Sometimes, religion can be used in a misguided way when feelings are swept away with ‘gam zu letova/this too is for the good/everything that happens is for the best’ or ‘it was bashert/meant to be’. These phrases can be used to whitewash experiences that need actual processing and may be better off used as part of that process.

“The loss was incredibly difficult. But I know everything G-d does is for the best.”

Faith can be an incredible source of strength and hope, but it does not mean that the feelings connected to an experience just dissolve.

When looking for connection, there needs to be a supportive environment, where feelings are heard and responded toward with empathy and validation. This kind of supportive environment needs to be in place for both people in the relationship. It is not fair to place the burden on one family member, or one spouse, to be the sole supporter in the support system.

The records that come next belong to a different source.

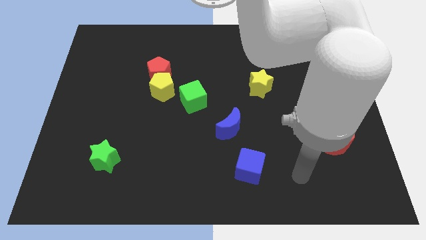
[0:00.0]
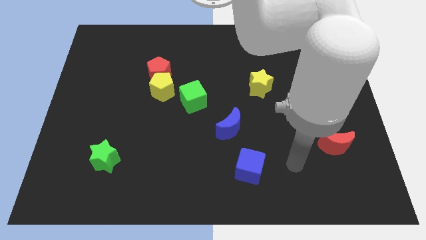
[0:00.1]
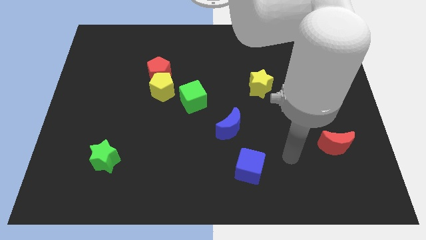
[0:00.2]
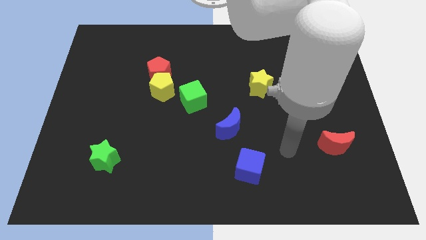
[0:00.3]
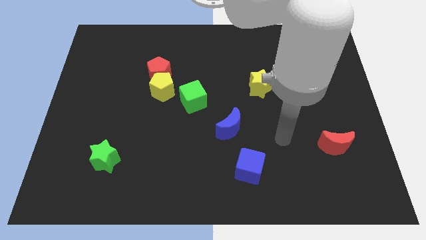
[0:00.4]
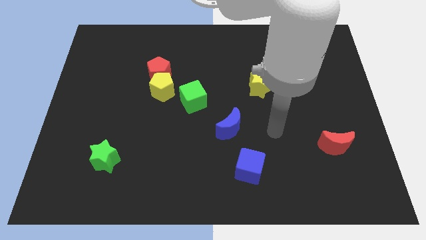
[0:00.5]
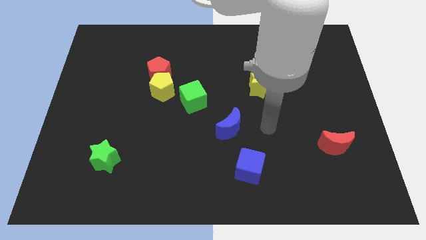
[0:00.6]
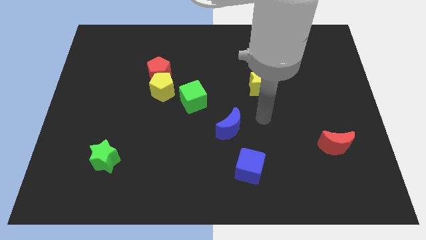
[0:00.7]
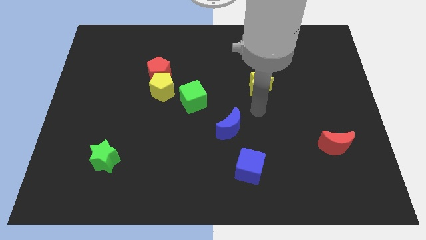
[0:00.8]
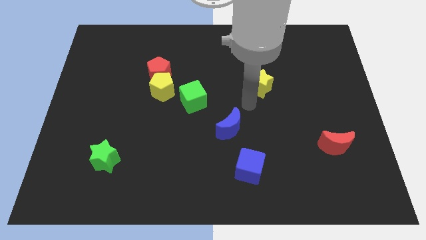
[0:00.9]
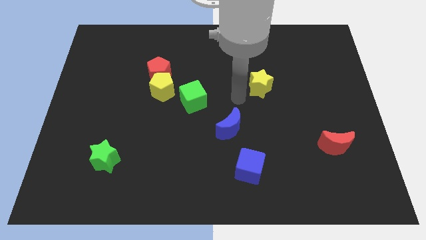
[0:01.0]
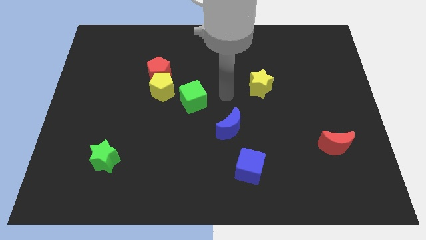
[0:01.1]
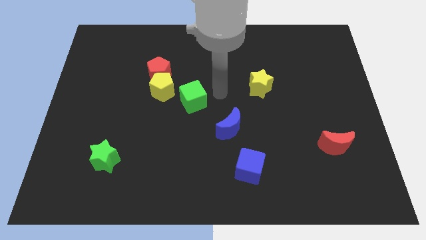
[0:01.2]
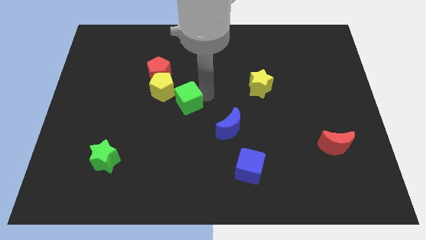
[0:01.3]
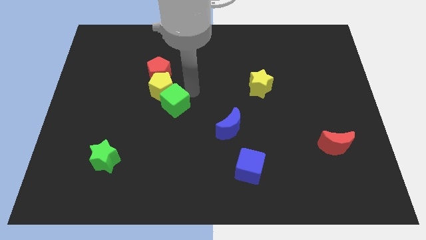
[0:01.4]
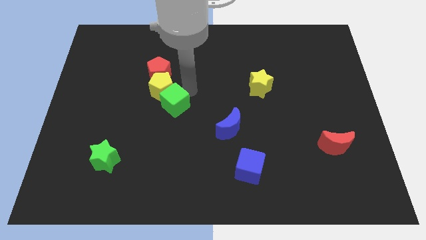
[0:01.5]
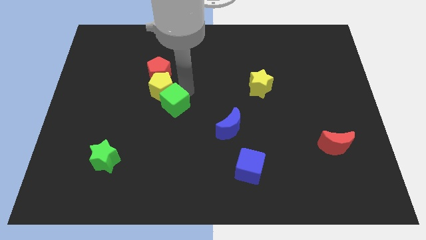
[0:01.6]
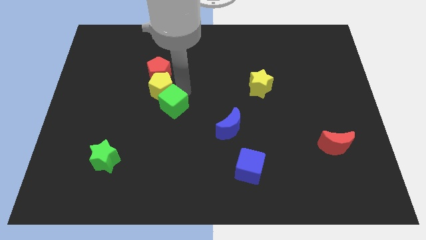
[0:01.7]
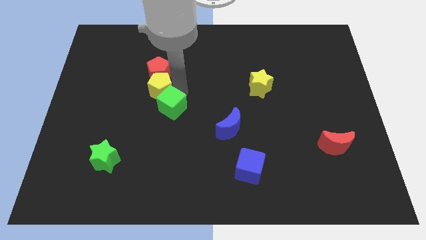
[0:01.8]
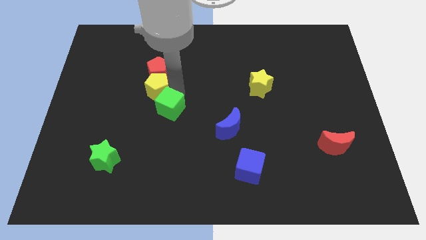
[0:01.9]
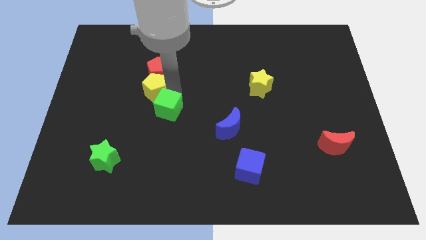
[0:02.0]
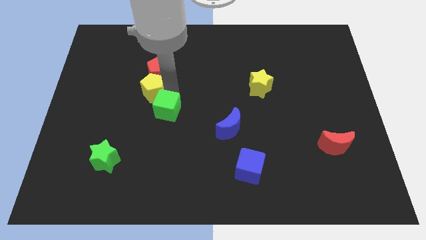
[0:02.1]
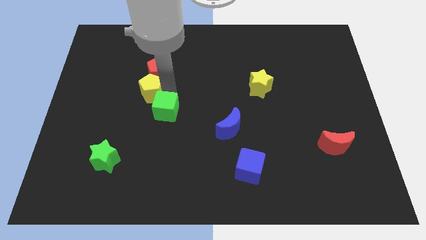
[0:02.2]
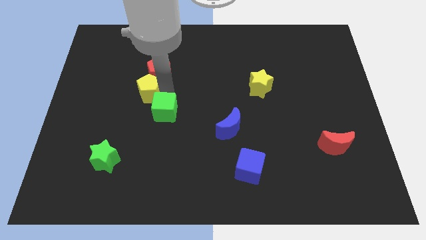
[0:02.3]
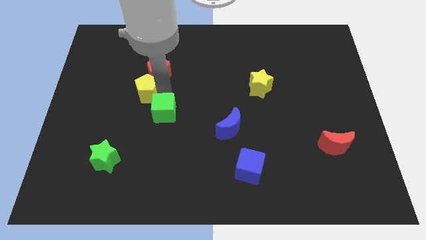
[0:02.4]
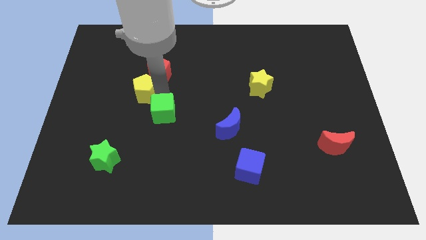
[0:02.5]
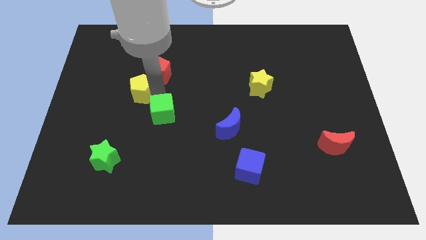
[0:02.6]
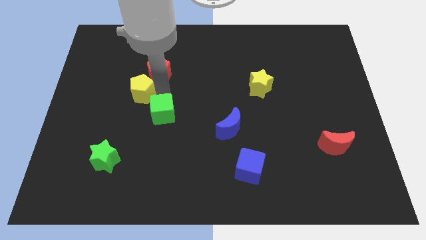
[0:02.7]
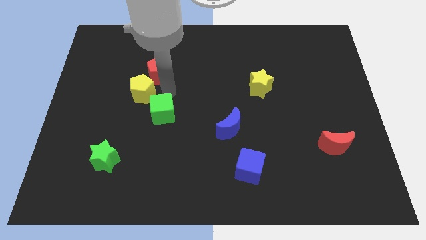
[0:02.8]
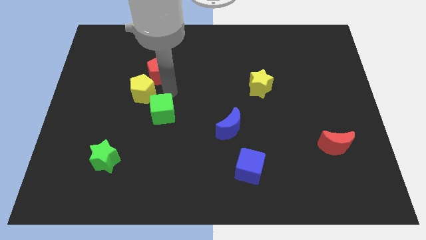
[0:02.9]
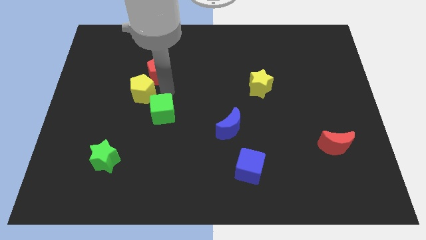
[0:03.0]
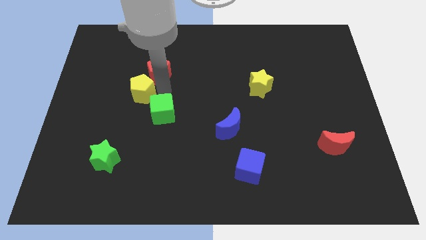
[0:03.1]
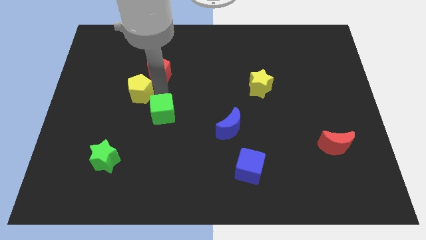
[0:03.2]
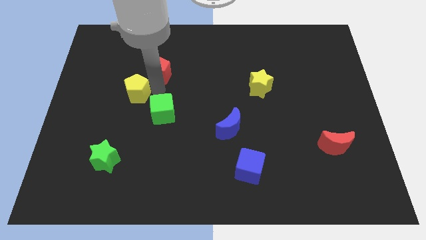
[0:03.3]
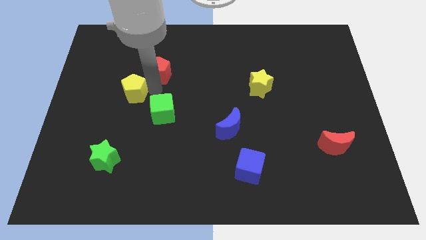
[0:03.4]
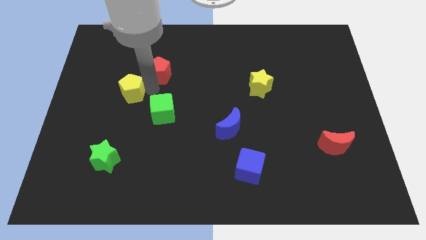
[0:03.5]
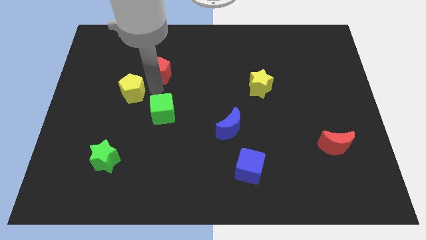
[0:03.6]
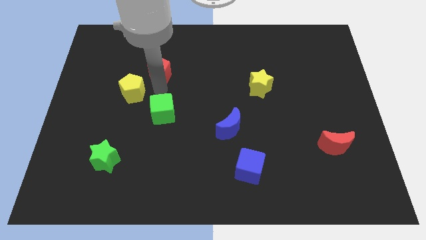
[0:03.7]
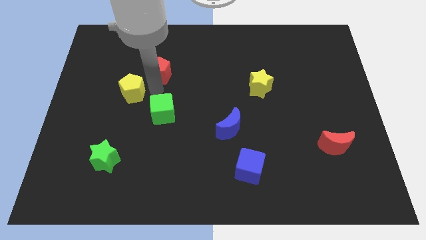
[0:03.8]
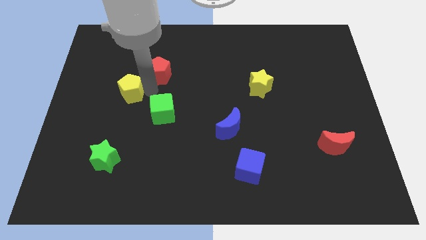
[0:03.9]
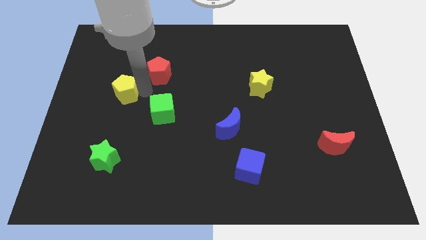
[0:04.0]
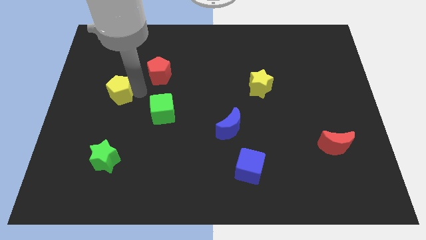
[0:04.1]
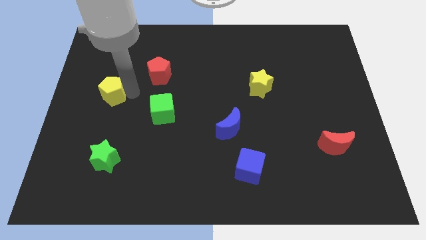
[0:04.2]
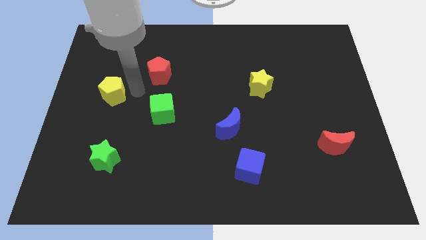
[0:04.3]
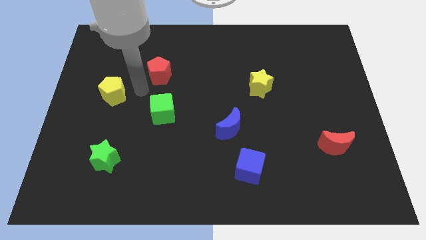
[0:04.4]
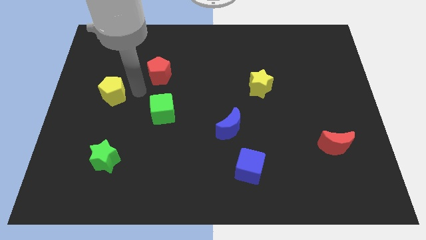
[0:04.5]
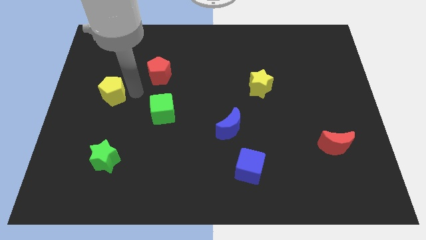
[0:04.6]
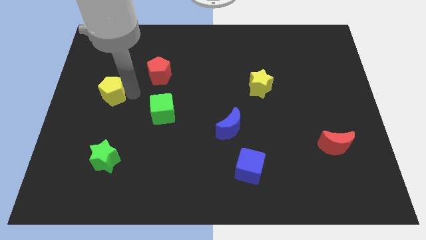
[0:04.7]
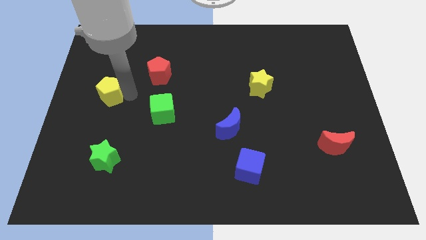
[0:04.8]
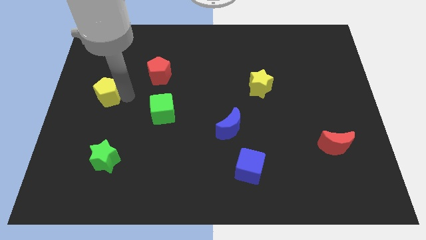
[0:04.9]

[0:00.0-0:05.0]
put the yellow pentagon to the center left

“I am listening, soothing and validating my spouse constantly. I think I am being supportive. But when it comes to my feelings, my spouse tends to brush them off and doesn’t seem to realize that I need empathy and validation, too.”

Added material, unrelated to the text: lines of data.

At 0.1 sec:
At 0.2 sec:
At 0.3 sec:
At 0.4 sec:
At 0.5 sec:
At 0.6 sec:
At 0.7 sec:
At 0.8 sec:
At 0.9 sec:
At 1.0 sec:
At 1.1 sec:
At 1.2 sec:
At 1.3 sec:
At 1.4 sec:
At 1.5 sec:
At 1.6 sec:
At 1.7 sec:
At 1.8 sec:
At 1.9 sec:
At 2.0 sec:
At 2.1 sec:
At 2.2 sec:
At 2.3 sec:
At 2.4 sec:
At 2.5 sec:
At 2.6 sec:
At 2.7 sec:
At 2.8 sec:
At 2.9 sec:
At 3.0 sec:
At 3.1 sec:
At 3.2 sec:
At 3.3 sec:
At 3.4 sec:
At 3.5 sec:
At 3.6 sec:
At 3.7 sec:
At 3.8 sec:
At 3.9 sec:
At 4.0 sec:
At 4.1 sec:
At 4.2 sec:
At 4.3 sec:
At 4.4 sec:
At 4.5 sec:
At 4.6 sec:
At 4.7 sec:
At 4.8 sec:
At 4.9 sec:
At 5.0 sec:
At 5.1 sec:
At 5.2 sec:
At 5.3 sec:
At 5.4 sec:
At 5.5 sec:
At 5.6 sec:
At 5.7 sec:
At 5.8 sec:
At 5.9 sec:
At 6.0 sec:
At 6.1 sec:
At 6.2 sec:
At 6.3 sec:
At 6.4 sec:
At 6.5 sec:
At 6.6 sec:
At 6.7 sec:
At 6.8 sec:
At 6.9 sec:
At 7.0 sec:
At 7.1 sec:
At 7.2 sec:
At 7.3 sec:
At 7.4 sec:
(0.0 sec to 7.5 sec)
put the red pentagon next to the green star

If it ends up being one main person who is constantly relied upon to provide physical and/or emotional support, there may be an unhealthy imbalance and there is no mutual benefit in that.

“Emma has pretty strong opinions,” said Liam. “Even if I don’t agree with her perspective, I don’t bother sharing my side of things because, what’s the point? It just creates conflict and drama.”

A lack of conflict does not signify a good relationship. In fact, it is more likely to signify the opposite- that there is not enough of a safe and secure emotional connection to engage in meaningful conversations. Conflict does not need to be avoided, but it does need to be managed so that even intense differences of opinion can be tolerated in a relationship. When there is a sense of ease around making space for feelings and sharing feelings, conflict becomes a space for people to connect. This is where not all communication is equal, and expressing oneself with good communication skills is necessary.

Staying positive and light can keep a relationship pleasant, but it might not feel as supportive, loving, and connected as you would like.

If you are looking to grow closer to your loved ones, here are some steps you can take:

  1. Name them: Practice recognizing your own feelings. I recommend using a feelings wheel to increase your feelings vocabulary and get an accurate idea of what you are experiencing (this goes way beyond happy, sad, and mad). Brene Brown’s book, ‘Atlas of the Heart’, can be a good resource to understand and become comfortable with feelings.
  2. Self soothing techniques: Consider what you need to implement to become more comfortable managing reactions that come along with more intense feelings. Your nervous system needs to know you are safe, so practice these techniques first when you are calm.
  3. Make space: Practice sitting with feelings, even those that are sometimes challenging to sit with. (Make sure you have the self soothing techniques in place before you do this!)
  4. Communicate: To enhance a relationship with deeper connection, share your thoughts and feelings, and practice empathy and validation. Not all communication is equal! A raised voice or the silent treatment are both examples of unhealthy communication. Practice the skills that a good communicator needs.

If the goal is to draw closer to your loved ones, these steps are a way to begin implementing positive change. As the saying goes ‘old habits die hard’, so don’t become discouraged if it takes longer than expected. Intention, practice, and repair is the way to go.